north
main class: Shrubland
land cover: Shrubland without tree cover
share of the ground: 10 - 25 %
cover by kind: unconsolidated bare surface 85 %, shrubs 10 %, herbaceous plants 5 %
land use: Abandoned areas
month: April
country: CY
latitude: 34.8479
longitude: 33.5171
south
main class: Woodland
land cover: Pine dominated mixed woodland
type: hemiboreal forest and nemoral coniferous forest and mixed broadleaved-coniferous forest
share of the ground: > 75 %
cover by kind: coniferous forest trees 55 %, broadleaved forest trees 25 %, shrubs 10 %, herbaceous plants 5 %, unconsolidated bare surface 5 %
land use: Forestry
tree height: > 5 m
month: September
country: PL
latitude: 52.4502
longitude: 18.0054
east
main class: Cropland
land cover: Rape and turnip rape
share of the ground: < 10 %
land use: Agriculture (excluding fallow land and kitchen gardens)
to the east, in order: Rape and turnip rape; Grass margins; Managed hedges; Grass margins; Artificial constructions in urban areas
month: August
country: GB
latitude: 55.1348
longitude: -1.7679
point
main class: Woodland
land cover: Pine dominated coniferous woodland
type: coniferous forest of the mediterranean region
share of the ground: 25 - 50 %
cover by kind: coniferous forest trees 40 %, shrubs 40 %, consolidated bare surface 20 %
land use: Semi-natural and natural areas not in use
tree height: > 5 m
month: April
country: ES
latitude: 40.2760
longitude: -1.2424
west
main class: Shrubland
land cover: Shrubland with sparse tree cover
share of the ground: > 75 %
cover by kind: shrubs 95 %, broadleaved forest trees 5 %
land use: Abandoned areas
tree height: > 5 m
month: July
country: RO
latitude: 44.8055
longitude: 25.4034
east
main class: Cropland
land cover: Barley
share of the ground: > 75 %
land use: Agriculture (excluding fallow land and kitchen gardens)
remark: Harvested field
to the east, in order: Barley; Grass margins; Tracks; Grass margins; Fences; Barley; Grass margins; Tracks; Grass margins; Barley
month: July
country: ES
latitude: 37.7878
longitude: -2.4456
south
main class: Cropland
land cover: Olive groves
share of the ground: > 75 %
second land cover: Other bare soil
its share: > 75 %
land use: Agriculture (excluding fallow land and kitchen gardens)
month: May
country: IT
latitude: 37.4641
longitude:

## What to do
Word for word, set down all the lines above.

## Output of the exercise
north
main class: Shrubland
land cover: Shrubland without tree cover
share of the ground: 10 - 25 %
cover by kind: unconsolidated bare surface 85 %, shrubs 10 %, herbaceous plants 5 %
land use: Abandoned areas
month: April
country: CY
latitude: 34.8479
longitude: 33.5171
south
main class: Woodland
land cover: Pine dominated mixed woodland
type: hemiboreal forest and nemoral coniferous forest and mixed broadleaved-coniferous forest
share of the ground: > 75 %
cover by kind: coniferous forest trees 55 %, broadleaved forest trees 25 %, shrubs 10 %, herbaceous plants 5 %, unconsolidated bare surface 5 %
land use: Forestry
tree height: > 5 m
month: September
country: PL
latitude: 52.4502
longitude: 18.0054
east
main class: Cropland
land cover: Rape and turnip rape
share of the ground: < 10 %
land use: Agriculture (excluding fallow land and kitchen gardens)
to the east, in order: Rape and turnip rape; Grass margins; Managed hedges; Grass margins; Artificial constructions in urban areas
month: August
country: GB
latitude: 55.1348
longitude: -1.7679
point
main class: Woodland
land cover: Pine dominated coniferous woodland
type: coniferous forest of the mediterranean region
share of the ground: 25 - 50 %
cover by kind: coniferous forest trees 40 %, shrubs 40 %, consolidated bare surface 20 %
land use: Semi-natural and natural areas not in use
tree height: > 5 m
month: April
country: ES
latitude: 40.2760
longitude: -1.2424
west
main class: Shrubland
land cover: Shrubland with sparse tree cover
share of the ground: > 75 %
cover by kind: shrubs 95 %, broadleaved forest trees 5 %
land use: Abandoned areas
tree height: > 5 m
month: July
country: RO
latitude: 44.8055
longitude: 25.4034
east
main class: Cropland
land cover: Barley
share of the ground: > 75 %
land use: Agriculture (excluding fallow land and kitchen gardens)
remark: Harvested field
to the east, in order: Barley; Grass margins; Tracks; Grass margins; Fences; Barley; Grass margins; Tracks; Grass margins; Barley
month: July
country: ES
latitude: 37.7878
longitude: -2.4456
south
main class: Cropland
land cover: Olive groves
share of the ground: > 75 %
second land cover: Other bare soil
its share: > 75 %
land use: Agriculture (excluding fallow land and kitchen gardens)
month: May
country: IT
latitude: 37.4641
longitude:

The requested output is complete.